With 52 artists, including 21 from Africa, the show, Amkpa stated, “deals with residual and how contemporary artists use composition of exchange between each artist.” He added that it was ‘poetic of relation’ that could inspire artists to do more group shows rather than solo. The exhibition of sculptures and paintings, which he showed on screen for the Africa Hall audience, he said, used ‘critical methodology to deconstruct perpetual objectification’ of black art.

In another presentation titled, Modernism in Different Forms: Re-conceptualizing Telsem Art, Giorgis built her thoughts on a show last year titled, Men Neber. She recalled the trajectory of Telsem art from when the early Christian missionaries in the Nile axis, in biblical context, appropriated it.

She also noted that there are, till date, similarities in signs and motifs among the art of the Nile. However, the complexity of African modernism, she argued, is compounded by western definition. During the interactive session, you’ll think that the periodic context of modern art is an aspect dealt with already based on the fact that its definition differs from one region or culture to another. However, the general agreement is that real issue should be content — and not periodic definition from western perspective — of modern African art.

“Socio-political history affects how we define art —modern or contemporary,” Giorgis responded.Still on African studies, Zeleza, whose presentation titled, Leveraging Africa’s Global Diasporas for the Continent’s Development, noted that migration makes definition of diaspora more complex to contextualise. He advised, “we must not generalise, but be specific” on space.

The second day of conference also dissected issues in specific terms on Afro-Arab role and post-colonialsm as it affects Africa and African diaspora.The last day had, among others, African Modernity Revisited, presented by Manthia Diawara, Distinguished University Professor, Comparative Literature and Cinema, New York University, U.S. He posited that language, as an energy that drives modernity, is more dynamic in English than French.

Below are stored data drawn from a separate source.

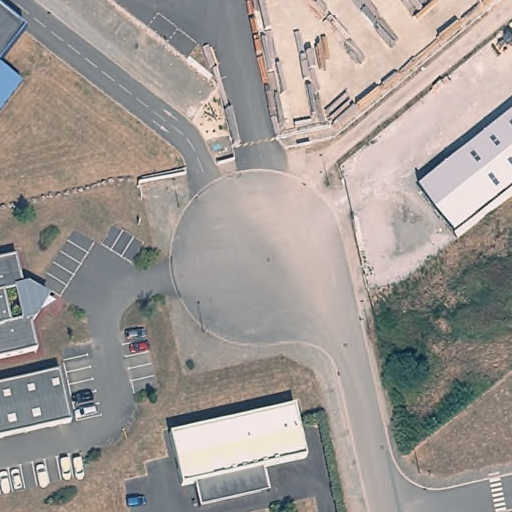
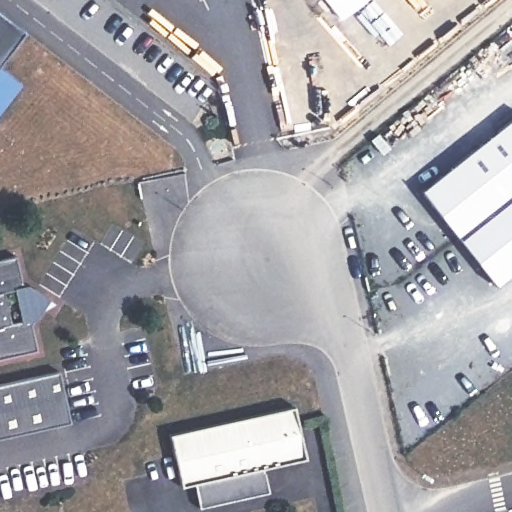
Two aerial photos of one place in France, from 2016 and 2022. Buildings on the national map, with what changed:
unchanged [(0,64),(0,18),(23,36),(0,64)]
unchanged [(0,111),(0,74),(18,88),(0,111)]
unchanged [(456,237),(419,191),(512,117),(512,193),(456,237)]
new [(512,193),(512,275),(497,287),(456,237),(512,193)]
unchanged [(26,281),(52,298),(35,324),(41,350),(0,359),(0,260),(21,255),(26,281)]
unchanged [(73,423),(0,438),(0,384),(62,371),(73,423)]
unchanged [(169,438),(294,411),(305,463),(263,472),(269,496),(198,511),(193,487),(180,490),(169,438)]

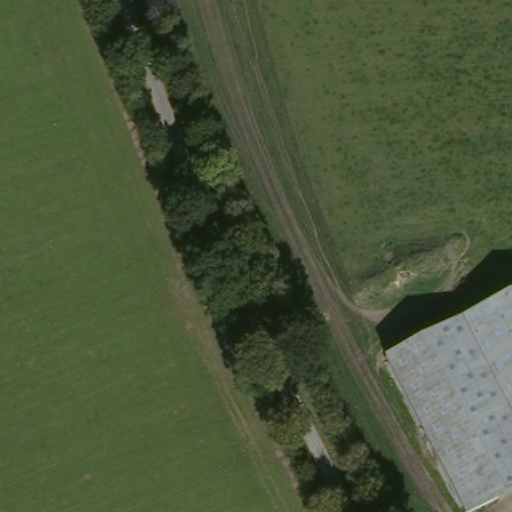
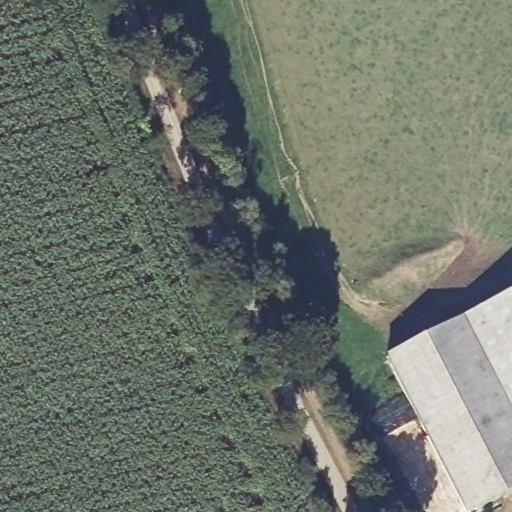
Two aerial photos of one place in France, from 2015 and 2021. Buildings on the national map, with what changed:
unchanged [(512,294),(512,492),(471,512),(465,512),(386,358),(512,294)]

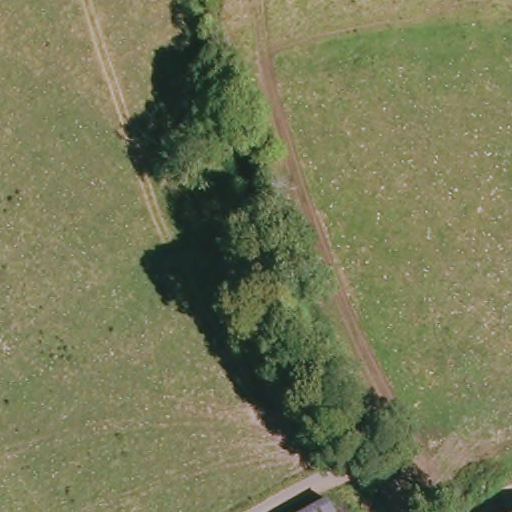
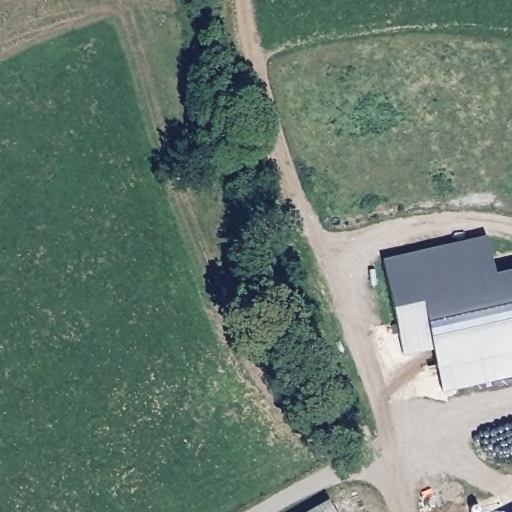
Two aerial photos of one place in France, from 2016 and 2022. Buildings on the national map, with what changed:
new [(383,261),(486,236),(494,274),(512,270),(512,375),(442,391),(433,349),(402,355),(383,261)]
unchanged [(323,512),(336,505),(339,512),(323,512)]

He cited examples of the diversity in English as used by Nigerians, South Africans, Australians, among other users.

Next was Freedom in Africa, the Longue durée or the history of freedom in Africa, which is also the ‘History of Freedom in the World’ presented by Olaniyan. Freedom, Olaniyan argued, is not the reality of man. He explained that Pre-transatlantic perspective of freedom in Africa is important to determine what the word means to the people. He traced modernity in Africa to the 15th century and insisted that there is no such word as European modernity that predates Africa.

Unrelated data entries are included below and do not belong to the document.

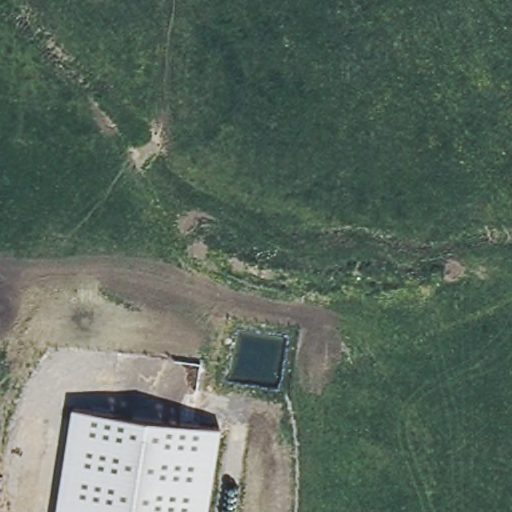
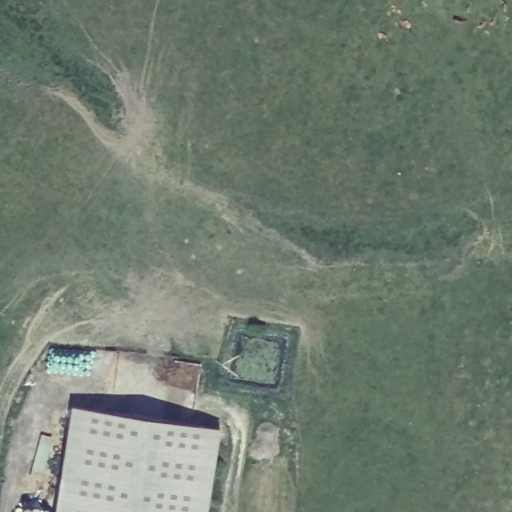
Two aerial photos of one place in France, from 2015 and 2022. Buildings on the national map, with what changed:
unchanged [(71,407),(218,430),(206,512),(54,512),(71,407)]

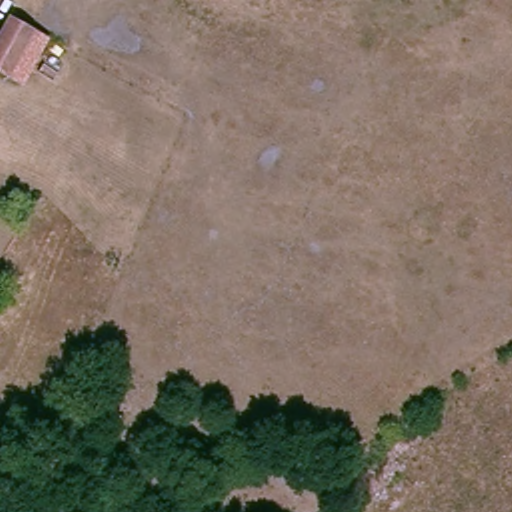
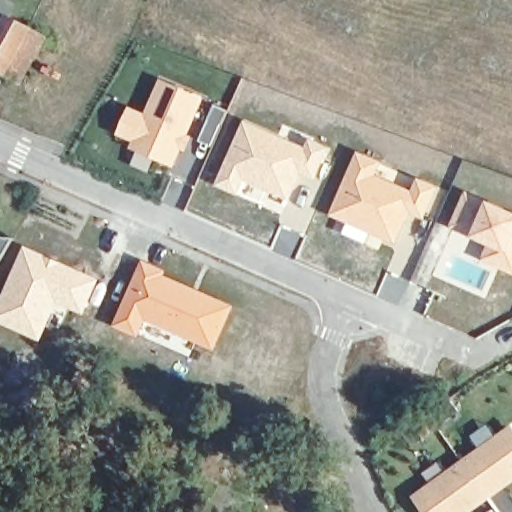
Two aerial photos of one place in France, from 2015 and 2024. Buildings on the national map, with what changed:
unchanged [(0,71),(0,47),(12,24),(41,38),(20,81),(0,71)]
new [(128,105),(144,112),(160,78),(205,96),(175,169),(154,160),(148,173),(130,165),(136,152),(127,149),(131,143),(115,136),(128,105)]
new [(213,105),(229,111),(212,147),(197,140),(213,105)]
new [(244,118),(306,144),(308,137),(330,147),(315,181),(302,176),(287,204),(247,185),(241,196),(215,186),(244,118)]
new [(356,151),(383,163),(379,173),(411,188),(415,178),(439,187),(422,221),(410,215),(396,248),(328,216),(356,151)]
new [(512,210),(512,275),(478,261),(487,245),(470,237),(487,199),(512,210)]
new [(24,245),(101,279),(83,317),(66,310),(65,312),(57,309),(41,343),(0,324),(0,297),(24,245)]
new [(142,259),(167,270),(165,273),(234,305),(214,351),(145,322),(137,338),(112,326),(142,259)]
new [(425,512),(413,497),(512,425),(512,482),(471,512),(425,512)]

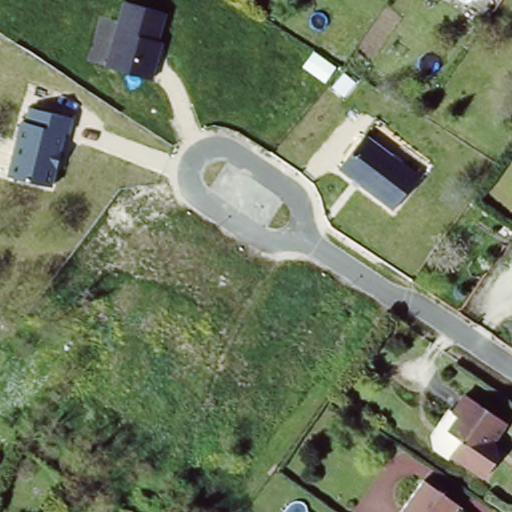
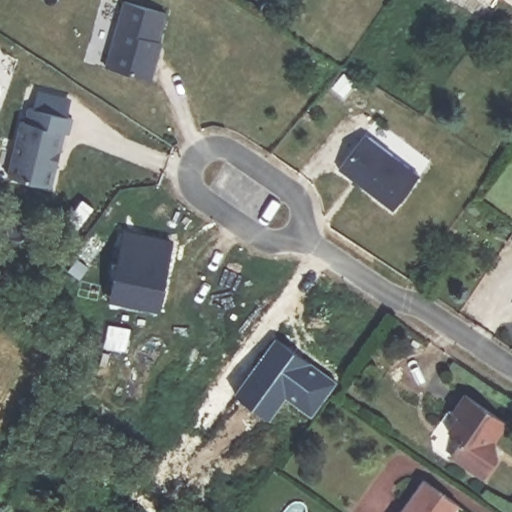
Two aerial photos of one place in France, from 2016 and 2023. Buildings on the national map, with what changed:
unchanged [(122,2),(167,14),(158,40),(162,42),(152,77),(106,65),(122,2)]
unchanged [(8,176),(20,121),(26,121),(29,106),(75,117),(72,133),(66,133),(53,186),(8,176)]
unchanged [(367,131),(419,175),(394,209),(342,165),(367,131)]
new [(125,232),(172,242),(158,308),(111,298),(125,232)]
new [(279,341),(295,352),(293,354),(301,359),(302,358),(339,384),(315,418),(288,398),(271,422),(237,397),(279,341)]
unchanged [(499,439),(501,459),(487,480),(454,457),(464,442),(451,433),(461,419),(456,414),(468,397),(509,425),(499,439)]
unchanged [(464,507),(460,512),(407,512),(429,482),(464,507)]

“Africa was a major player in that era; the trajectory of freedom anywhere in the world had not left Africa behind.”He segmented the subject into ‘attached and unattached’ freedom, and noted that Europe and America have benefited from attached freedom. “Africa does not need to search for freedom but should go back to what our ancestors have bequeath us and refine it.”

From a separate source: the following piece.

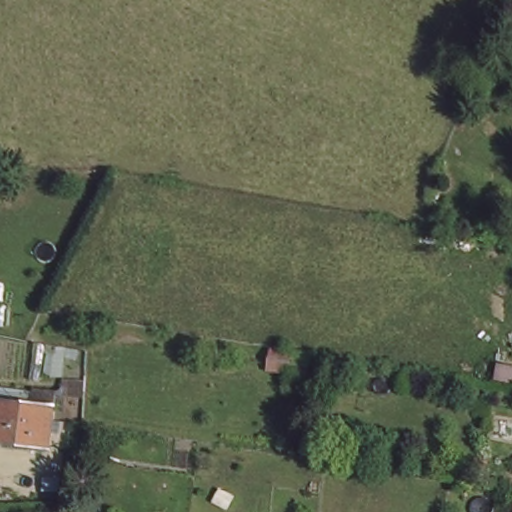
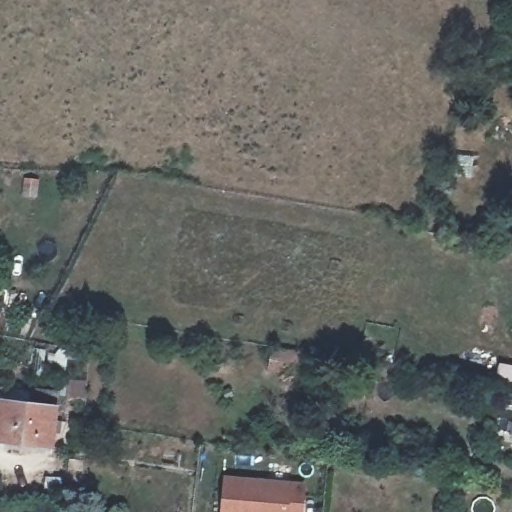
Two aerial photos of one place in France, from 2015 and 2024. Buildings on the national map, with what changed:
unchanged [(50,446),(0,443),(0,404),(53,407),(50,446)]
new [(292,481),(305,482),(302,512),(219,512),(222,476),(292,481)]

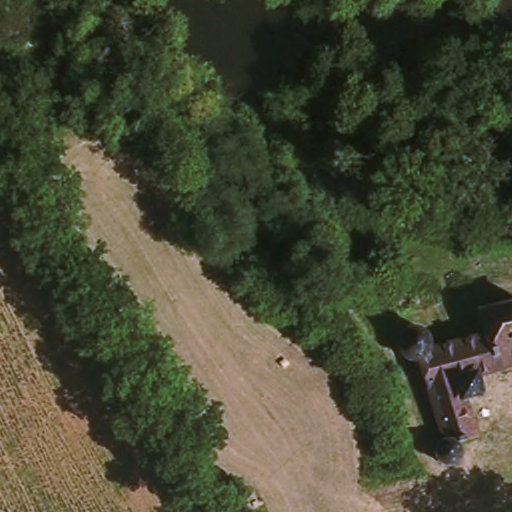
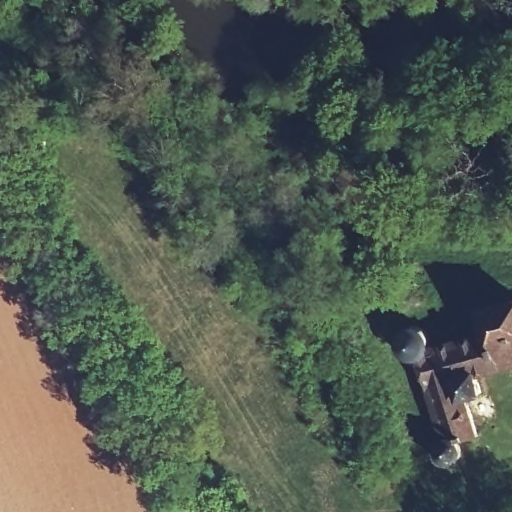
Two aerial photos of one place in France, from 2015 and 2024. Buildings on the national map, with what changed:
unchanged [(477,319),(474,309),(512,299),(512,366),(477,374),(482,392),(468,396),(479,437),(459,442),(460,447),(459,453),(455,461),(444,465),(434,463),(428,457),(427,446),(429,438),(436,433),(414,343),(401,342),(393,335),(391,327),(394,319),(404,313),(415,313),(422,320),(423,333),(477,319)]

Held in nine panels format, including Skype presentations, other presenters included, Hisham Aidi (Columbia University); Jean Allman (Washington University in St Louis); Susan Buck-Morss (Cornell University and CUNY Graduate Center); Kassahun Checole (Africa World Press); Ebony Coletu (Pennsylvania State University); Chouki El Hamel (Arizona State University); Catarina Gomes (Catholic University of Angola); Ousmane Kane (Harvard University); Zine Magubane (Boston College); Fouad Makki (Cornell University); Sandy Prita Meier (New York University); Natalie Melas (Cornell University); Sarah Nuttall (WiSER, University of the Witwatersrand); Carina Ray (Brandeis University); and Ahmad Sikainga (Ohio State University).

The Africa Institute, according to the conveners of the conference, is an interdisciplinary academic research space dedicated to the study and documentation of Africa. Contents in focus include, its people and cultures, its complex past, present and future and its manifold connections with the wider world.